Fasilitas ini memang penting untuk menunjang aktivitas mahasiswa di luar ruang kelas. Namun, kebutuhan fasilitas akademik seperti ruang belajar dan sarana penunjang pendidikan tetap menjadi perhatian utama.
Pilihan ini pada akhirnya akan diuji waktu. Apakah benar-benar menjawab kebutuhan mahasiswa, atau justru memunculkan pertanyaan baru.
Tolak ukur
Rektor Unsri, Taufiq Marwa, menyampaikan apresiasi atas dukungan dari pemerintah provinsi.

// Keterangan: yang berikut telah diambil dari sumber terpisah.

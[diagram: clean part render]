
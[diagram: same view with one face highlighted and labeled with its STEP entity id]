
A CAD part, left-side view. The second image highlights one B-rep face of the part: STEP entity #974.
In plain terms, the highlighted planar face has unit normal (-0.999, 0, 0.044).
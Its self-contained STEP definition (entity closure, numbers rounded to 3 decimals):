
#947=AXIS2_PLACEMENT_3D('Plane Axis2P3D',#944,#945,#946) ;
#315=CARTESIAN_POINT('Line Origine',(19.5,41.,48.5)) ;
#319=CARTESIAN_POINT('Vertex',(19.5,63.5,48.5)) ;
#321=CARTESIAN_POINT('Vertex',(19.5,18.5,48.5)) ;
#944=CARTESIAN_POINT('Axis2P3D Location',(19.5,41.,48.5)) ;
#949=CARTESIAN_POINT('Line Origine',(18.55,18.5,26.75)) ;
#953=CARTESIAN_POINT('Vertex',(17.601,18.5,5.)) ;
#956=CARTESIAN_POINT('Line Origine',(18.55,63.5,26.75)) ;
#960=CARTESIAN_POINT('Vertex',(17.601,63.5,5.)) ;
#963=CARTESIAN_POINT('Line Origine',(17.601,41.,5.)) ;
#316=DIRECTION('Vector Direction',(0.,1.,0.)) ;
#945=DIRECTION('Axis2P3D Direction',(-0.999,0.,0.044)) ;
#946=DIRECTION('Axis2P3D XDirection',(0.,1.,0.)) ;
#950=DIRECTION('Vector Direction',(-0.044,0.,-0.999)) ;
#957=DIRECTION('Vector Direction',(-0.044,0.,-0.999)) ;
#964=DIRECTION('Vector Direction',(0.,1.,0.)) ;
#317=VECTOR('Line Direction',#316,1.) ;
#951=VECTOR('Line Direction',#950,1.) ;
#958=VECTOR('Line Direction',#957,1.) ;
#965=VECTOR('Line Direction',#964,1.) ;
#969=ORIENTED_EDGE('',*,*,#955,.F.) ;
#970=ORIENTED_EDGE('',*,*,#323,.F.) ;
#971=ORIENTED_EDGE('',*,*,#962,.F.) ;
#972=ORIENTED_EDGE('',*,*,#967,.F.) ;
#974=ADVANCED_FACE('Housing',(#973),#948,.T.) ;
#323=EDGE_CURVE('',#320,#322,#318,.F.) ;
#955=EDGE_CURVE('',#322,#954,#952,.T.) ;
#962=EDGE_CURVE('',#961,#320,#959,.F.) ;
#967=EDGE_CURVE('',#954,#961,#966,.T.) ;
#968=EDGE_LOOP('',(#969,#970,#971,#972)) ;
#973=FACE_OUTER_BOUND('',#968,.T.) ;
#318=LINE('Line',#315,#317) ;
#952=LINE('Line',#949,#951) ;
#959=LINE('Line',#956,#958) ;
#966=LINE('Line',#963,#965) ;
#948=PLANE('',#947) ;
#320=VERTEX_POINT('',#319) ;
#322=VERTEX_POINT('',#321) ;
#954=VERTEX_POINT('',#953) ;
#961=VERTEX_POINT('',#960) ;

Ia menilai hibah ini sebagai bentuk kepedulian terhadap dunia pendidikan, terutama di tengah kondisi keuangan daerah yang sedang dalam tahap efisiensi.
Menurutnya, dana tersebut akan menjadi stimulan penting untuk mempercepat peningkatan fasilitas kampus. Namun seperti halnya program pembangunan lainnya, hasil akhir akan menjadi tolok ukur utama.
Bagi mahasiswa, persoalannya sederhana. Mereka tidak terlalu memikirkan istilah NPHD atau mekanisme hibah.
Yang mereka rasakan adalah apakah fasilitas kampus benar-benar membaik, apakah ruang belajar lebih layak, dan apakah aktivitas perkuliahan berjalan lebih nyaman.
Karena itu, jarak antara penandatanganan dan realisasi menjadi bagian yang paling krusial.
Banyak program terlihat meyakinkan saat diumumkan, namun menghadapi tantangan saat dijalankan di lapangan.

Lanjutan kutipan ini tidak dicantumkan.